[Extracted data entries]

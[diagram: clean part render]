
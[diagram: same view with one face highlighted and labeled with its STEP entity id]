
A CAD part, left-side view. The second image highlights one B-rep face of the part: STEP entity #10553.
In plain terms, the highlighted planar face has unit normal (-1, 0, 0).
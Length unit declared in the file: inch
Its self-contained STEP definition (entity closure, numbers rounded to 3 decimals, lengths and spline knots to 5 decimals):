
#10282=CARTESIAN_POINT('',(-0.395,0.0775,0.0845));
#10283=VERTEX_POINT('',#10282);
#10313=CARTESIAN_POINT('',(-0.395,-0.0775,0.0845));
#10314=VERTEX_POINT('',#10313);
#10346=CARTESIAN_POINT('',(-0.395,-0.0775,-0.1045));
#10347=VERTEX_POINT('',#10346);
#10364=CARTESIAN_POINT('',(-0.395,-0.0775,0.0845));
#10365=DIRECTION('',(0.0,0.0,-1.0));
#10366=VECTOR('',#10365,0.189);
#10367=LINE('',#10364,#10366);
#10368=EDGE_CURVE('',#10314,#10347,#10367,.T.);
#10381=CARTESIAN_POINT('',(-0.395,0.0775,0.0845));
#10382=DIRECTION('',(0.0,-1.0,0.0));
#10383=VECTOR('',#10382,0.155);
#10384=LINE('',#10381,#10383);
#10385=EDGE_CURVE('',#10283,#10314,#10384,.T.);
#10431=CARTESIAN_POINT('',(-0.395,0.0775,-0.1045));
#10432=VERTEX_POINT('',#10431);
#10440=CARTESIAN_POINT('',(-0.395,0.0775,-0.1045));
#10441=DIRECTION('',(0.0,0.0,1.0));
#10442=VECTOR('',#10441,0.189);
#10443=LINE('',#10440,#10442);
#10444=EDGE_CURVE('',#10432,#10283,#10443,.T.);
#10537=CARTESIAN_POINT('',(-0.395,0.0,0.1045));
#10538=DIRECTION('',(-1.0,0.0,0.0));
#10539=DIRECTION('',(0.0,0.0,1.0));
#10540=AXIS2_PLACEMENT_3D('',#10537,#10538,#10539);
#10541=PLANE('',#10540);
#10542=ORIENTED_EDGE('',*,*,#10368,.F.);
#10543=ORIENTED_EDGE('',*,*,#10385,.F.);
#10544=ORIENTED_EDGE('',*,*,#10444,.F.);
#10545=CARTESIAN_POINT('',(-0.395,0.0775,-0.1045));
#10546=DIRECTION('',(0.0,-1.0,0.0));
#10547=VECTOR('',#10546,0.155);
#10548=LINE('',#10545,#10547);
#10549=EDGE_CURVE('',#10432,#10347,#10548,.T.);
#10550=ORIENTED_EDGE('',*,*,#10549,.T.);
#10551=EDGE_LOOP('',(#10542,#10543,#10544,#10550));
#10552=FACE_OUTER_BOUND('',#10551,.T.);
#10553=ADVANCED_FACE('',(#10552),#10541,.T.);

## PROBLEM TO SOLVE
Reproduce all the records precisely.

## SOLUTION FOR THIS EXERCISE
[diagram: clean part render]
[diagram: same view with one face highlighted and labeled with its STEP entity id]
A CAD part, left-side view. The second image highlights one B-rep face of the part: STEP entity #10553.
In plain terms, the highlighted planar face has unit normal (-1, 0, 0).
Length unit declared in the file: inch
Its self-contained STEP definition (entity closure, numbers rounded to 3 decimals, lengths and spline knots to 5 decimals):
#10282=CARTESIAN_POINT('',(-0.395,0.0775,0.0845));
#10283=VERTEX_POINT('',#10282);
#10313=CARTESIAN_POINT('',(-0.395,-0.0775,0.0845));
#10314=VERTEX_POINT('',#10313);
#10346=CARTESIAN_POINT('',(-0.395,-0.0775,-0.1045));
#10347=VERTEX_POINT('',#10346);
#10364=CARTESIAN_POINT('',(-0.395,-0.0775,0.0845));
#10365=DIRECTION('',(0.0,0.0,-1.0));
#10366=VECTOR('',#10365,0.189);
#10367=LINE('',#10364,#10366);
#10368=EDGE_CURVE('',#10314,#10347,#10367,.T.);
#10381=CARTESIAN_POINT('',(-0.395,0.0775,0.0845));
#10382=DIRECTION('',(0.0,-1.0,0.0));
#10383=VECTOR('',#10382,0.155);
#10384=LINE('',#10381,#10383);
#10385=EDGE_CURVE('',#10283,#10314,#10384,.T.);
#10431=CARTESIAN_POINT('',(-0.395,0.0775,-0.1045));
#10432=VERTEX_POINT('',#10431);
#10440=CARTESIAN_POINT('',(-0.395,0.0775,-0.1045));
#10441=DIRECTION('',(0.0,0.0,1.0));
#10442=VECTOR('',#10441,0.189);
#10443=LINE('',#10440,#10442);
#10444=EDGE_CURVE('',#10432,#10283,#10443,.T.);
#10537=CARTESIAN_POINT('',(-0.395,0.0,0.1045));
#10538=DIRECTION('',(-1.0,0.0,0.0));
#10539=DIRECTION('',(0.0,0.0,1.0));
#10540=AXIS2_PLACEMENT_3D('',#10537,#10538,#10539);
#10541=PLANE('',#10540);
#10542=ORIENTED_EDGE('',*,*,#10368,.F.);
#10543=ORIENTED_EDGE('',*,*,#10385,.F.);
#10544=ORIENTED_EDGE('',*,*,#10444,.F.);
#10545=CARTESIAN_POINT('',(-0.395,0.0775,-0.1045));
#10546=DIRECTION('',(0.0,-1.0,0.0));
#10547=VECTOR('',#10546,0.155);
#10548=LINE('',#10545,#10547);
#10549=EDGE_CURVE('',#10432,#10347,#10548,.T.);
#10550=ORIENTED_EDGE('',*,*,#10549,.T.);
#10551=EDGE_LOOP('',(#10542,#10543,#10544,#10550));
#10552=FACE_OUTER_BOUND('',#10551,.T.);
#10553=ADVANCED_FACE('',(#10552),#10541,.T.);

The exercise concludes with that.